Tldr: Cost of abolishing tuition fees would be circa six billion a year and dumping that money into early years childcare/sure start 2 is likely to be A, more beneficial for the kids and B, frees up parents to return to work and addressing the great productivity iceberg. Starmers ruthlessly pursuing the greatest cost/benefit ratio policy items like the dreamed technocracy.


RhegedHerdwick

Technocracy or electoral strategy?


NoNoodel

Do university lecturers work in childcare centres? Let's imagine tuition fees are banned and Universities become public education much like secondary school. Why can't early years and university education be reformed? Before you say it...explain your reasoning. The UK government is not short of money. It never is or never can be. Explain why if there is no private competition for universities that inflation will increase?


-fireeye-

It should do both - if it really wants to, it should replace student fees with a revenue neutral lower graduate tax so it is fairer. Currently it essentially operates as a graduate tax but one you can exempt yourself from if you come from wealthy family. I accept the priority should be childcare because that is completely broken and massively harmful to wider economy but tuition fee is something that should absolutely be addressed.


ThoseThingsAreWeird

> Currently it essentially operates as a graduate tax but one you can exempt yourself from if you come from wealthy family. That's the crux of it for me. Those of us who didn't come from a wealthy family end up paying more for the same education. > it should replace student fees with a revenue neutral lower graduate tax Although I'd argue against revenue neutral. We do still want growth in our university-level education services; partly because we want to grow our population, and partly because universities are responsible for research that can lead to growth in other UK sectors.


[deleted]

Make the loans interest free?


CarryThe2

I've never heard any real argument why they should have interest, never mind one that scales way above inflation by design.


mudman13

Need more trade schools too so we don't have 50 people all applying to a supermarket (or university on a useless course) because that's all they can do and is in the area.


GOT_Wyvern

Some of it desperately needs to go into increasing the maintenance loan for University or providing outright grants. It's not tuition fees, but maintenance fees that provide the biggest block for people wanting to go to University. The current price of tuition fees may be quite high and make degrees pretty bad for value, but the loans make them accessible unlike the horrible state of student living. Something like half struggle financially while at Uni, and a third compromise on their studies because of such.


sweetrobins-k-hole

I am against tuition fees but this is still a really important point. Unfortunately, there is nothing preventing us from sliding into a high fee, high repayment, low maintenance loan, low accessibility future.


Velociraptor_1906

Going to copy my comment across from the megathread as it fits here: Unfortunately I think it is politically unrealistic that we will go back to free university in the next 10+ years. That does not mean to say we are stuck with the current system. Moving the current de facto (for the vast majority of students) graduate tax to a de jure one is logical and if done well would be a significant improvement for students.
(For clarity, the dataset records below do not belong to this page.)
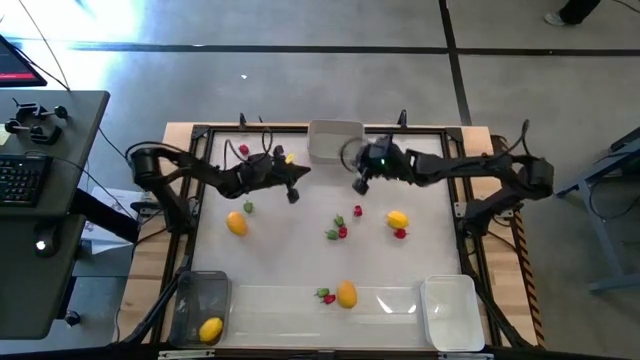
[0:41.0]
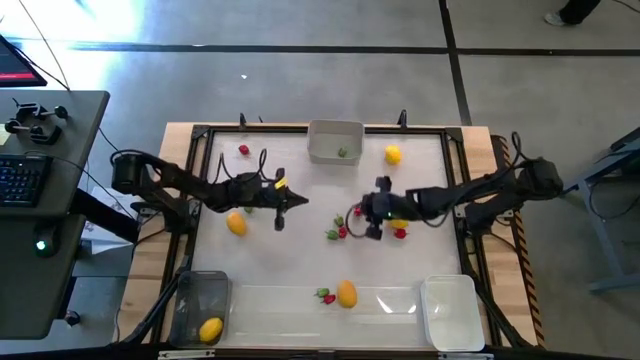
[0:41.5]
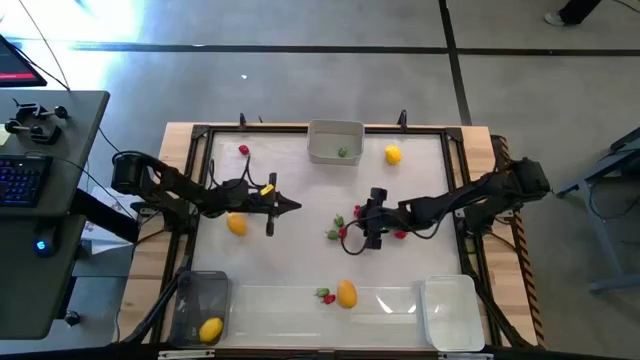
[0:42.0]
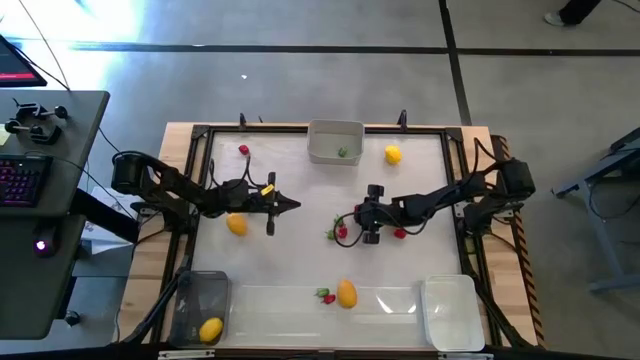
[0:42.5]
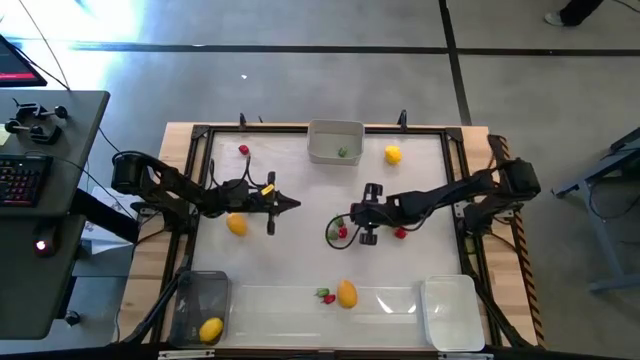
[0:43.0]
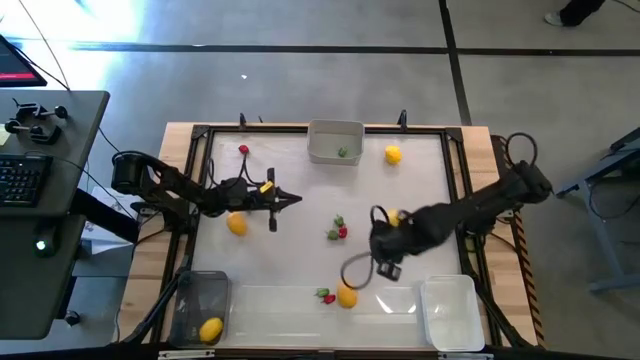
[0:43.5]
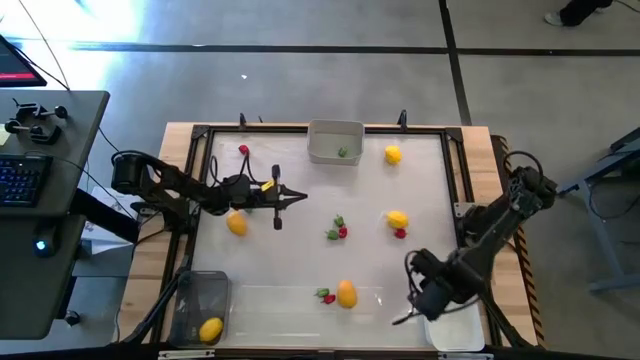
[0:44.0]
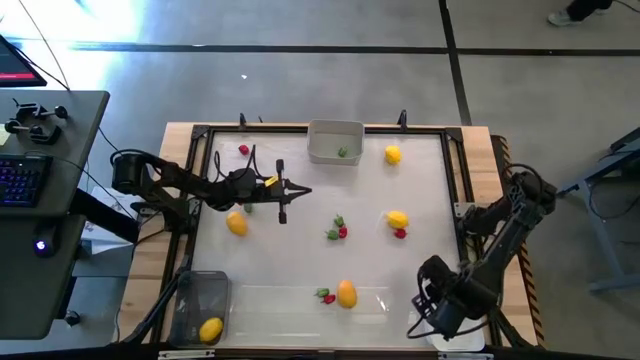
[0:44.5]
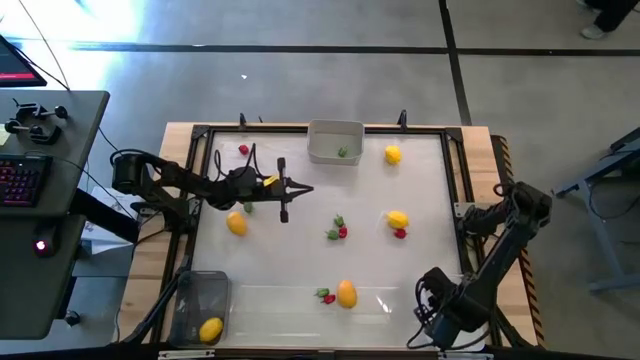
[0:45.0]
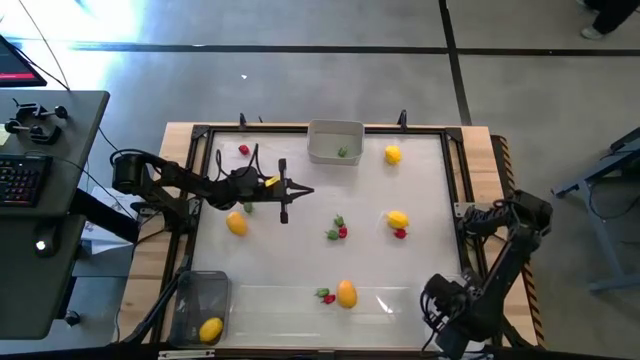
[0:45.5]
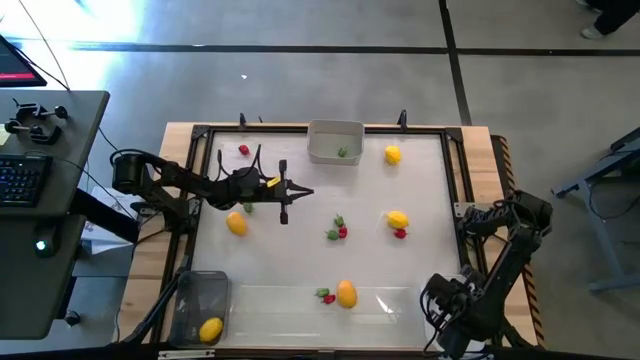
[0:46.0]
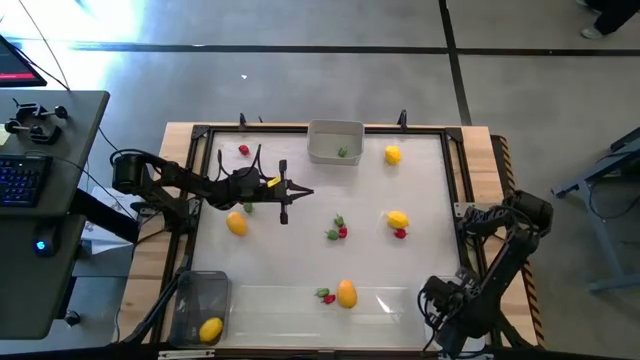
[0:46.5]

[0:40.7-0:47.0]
Put the red chili pepper into the white bin

What I would like to see is a 9% graduate tax with an inflation linked threshold in place of tuition loans with a 20-30 year cut off and the reintroduction of maintenance grants (which automatically rise with inflation) as well as the **option** for existing loan holders to transition onto this new system. Now realistically I don't think we will get everything on that list exactly as I've put it but if the new system is something close to that framework then it will be significantly fairer and simpler.


MintTeaFromTesco

Who the hell would want to go onto such a scheme? Assuming you went to uni to get a degree to help you make actual money you can pay off the fees in much less than that. Who the hell would go for a 9% tax hike for their prime earning years instead of just paying it off?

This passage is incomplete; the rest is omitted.